:: Exercise inputs ::
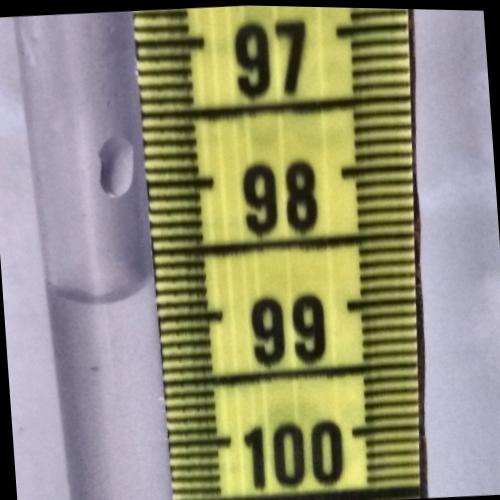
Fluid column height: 98.8 cm
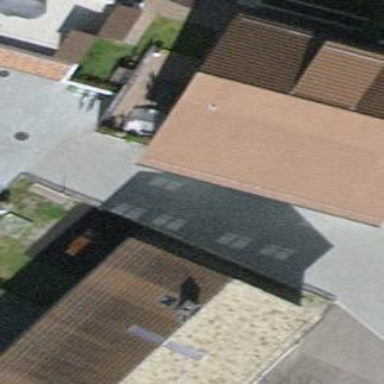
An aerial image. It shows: Kindergarten with tiled roof.
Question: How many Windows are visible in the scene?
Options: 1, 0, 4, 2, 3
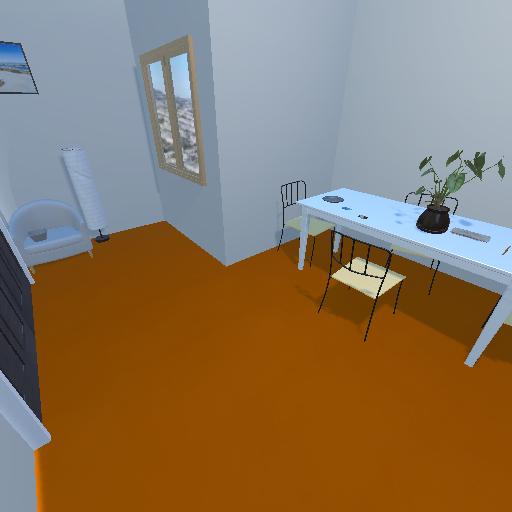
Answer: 1
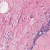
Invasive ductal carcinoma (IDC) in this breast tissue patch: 0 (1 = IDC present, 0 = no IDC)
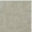
Piece: xx
:::
- _Activity_: Every entry above should be printed again exactly, except for the pictures.

- _Finished task_:
Fluid column height: 98.8 cm
An aerial image. It shows: Kindergarten with tiled roof.
Question: How many Windows are visible in the scene?
Options: 1, 0, 4, 2, 3
Answer: 1
Invasive ductal carcinoma (IDC) in this breast tissue patch: 0 (1 = IDC present, 0 = no IDC)
Piece: xx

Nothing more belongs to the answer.